Two level data contrast-CodePudding

Two must levels of data, there are two columns, a list of tags, another column data, hope the two data, the number of the same label if different, to be listed separately?
In a different way to deal with is very slow, may be usage is wrong, is there a better or faster way,

1. The data format below
E39aa0582fb3d25b42a77fb9cb09472d 99

2. Use mysql query directly, running a day don't respond,
SELECT the m1. Tag, m1. Value, value
s2.FROM the main m1 LEFT JOIN sub s2
On the m1. Tag=s2. The tag
Where m1. Value & lt; & gt; S2. The value;

3. With the shell is very slow, the data is the data table is exported to the two text files
#!/bin/bash
While the read the line
Do
NS1=` echo $line | awk '{print $1}' `
NS2=` echo $line | awk '{print $NF}' `
NS3=` grep $NS1 main. CSV | awk '{print $NF}' `
If [$NS2!=$NS3]
Then
Echo "MSGID=$NS1 SUBSEQ=$NS2 COUNT=$NS3" & gt; & gt; O1. Out
Fi
Echo "MSGID=$NS1"
Done & lt; Sub. CSV

4. Handle very slowly in python
The import re
The import OS

Mainfilename='main. CSV'
Subfilename='sub. CSV'

Mainfile=open (mainfilename, 'r')

Def search1 (searchstr, var1) :
For McOntent mainfile in readlines () :
M=re the.findall (searchstr, McOntent)
If m:
Print (" -- -- ", m, "_")

Subfile=open (subfilename, "r")
Contents=subfile.

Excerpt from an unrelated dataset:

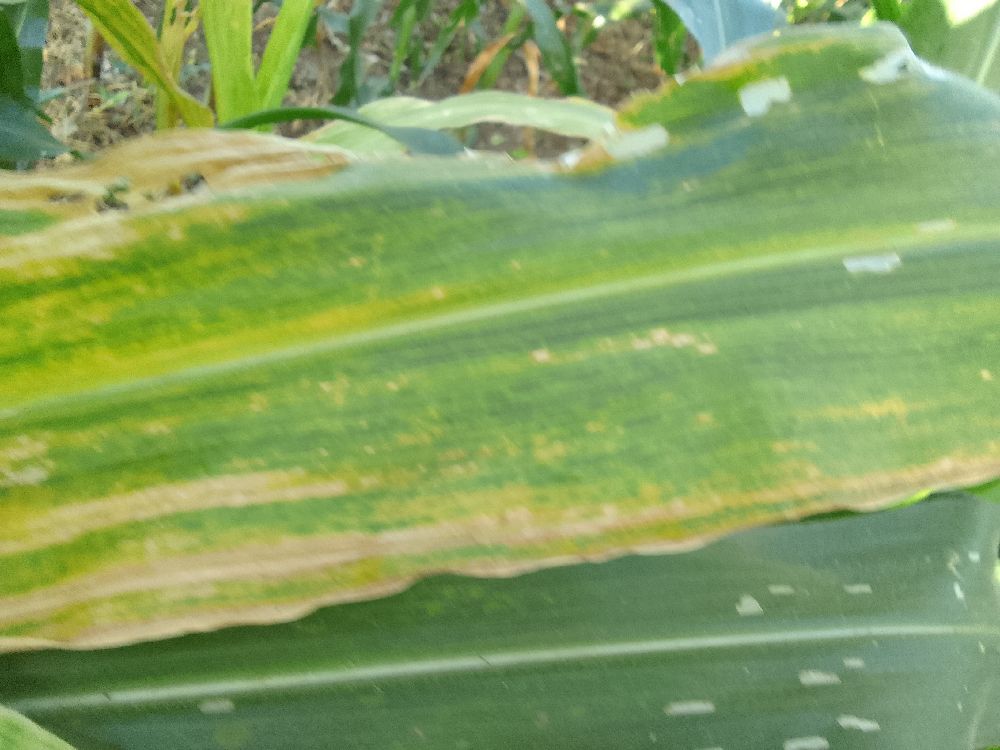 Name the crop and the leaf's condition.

maize, maize lethal necrosis
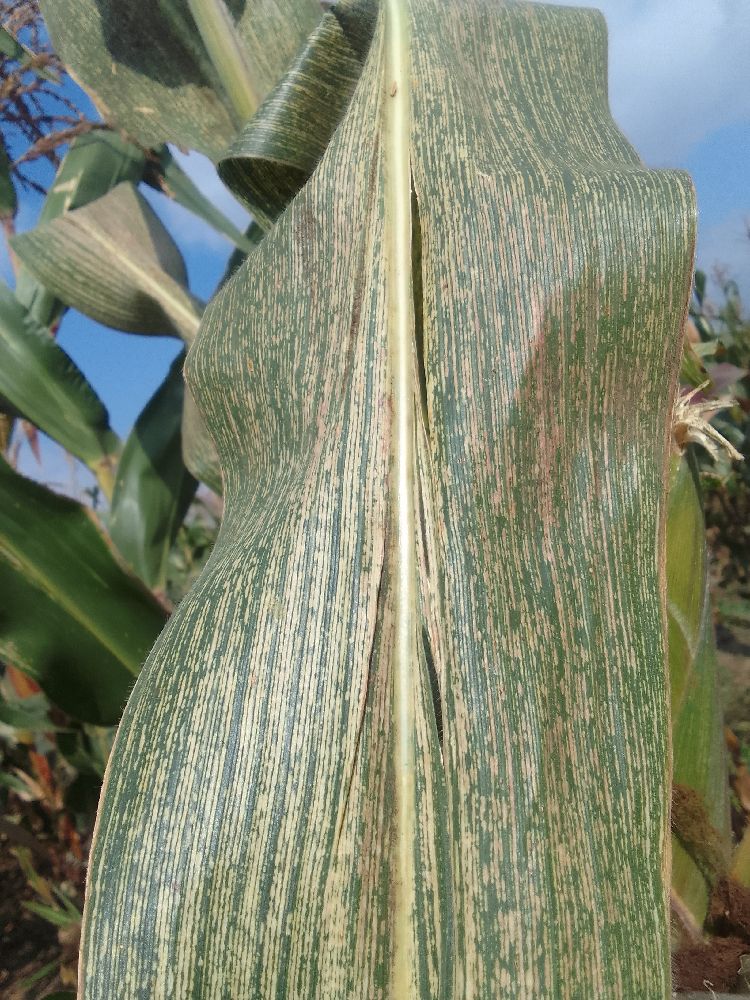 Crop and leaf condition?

maize, maize streak virus

Readlines ()
For the content in contents:
Tag=content. the split (' \ t ') [0]. Replace (" ", "")
Value=https://bbs.csdn.net/topics/content.split (' \ t ') [1]. The replace (" ", "")
Search1 (value) tag,

CodePudding user response:

High into the air. You do this complexity, it is easy to think of two methods (1) will be ordered two data respectively, and then compared. 2. The two data hash respectively into the dictionary, and then query. The second method code simpler, can get this done in a few lines.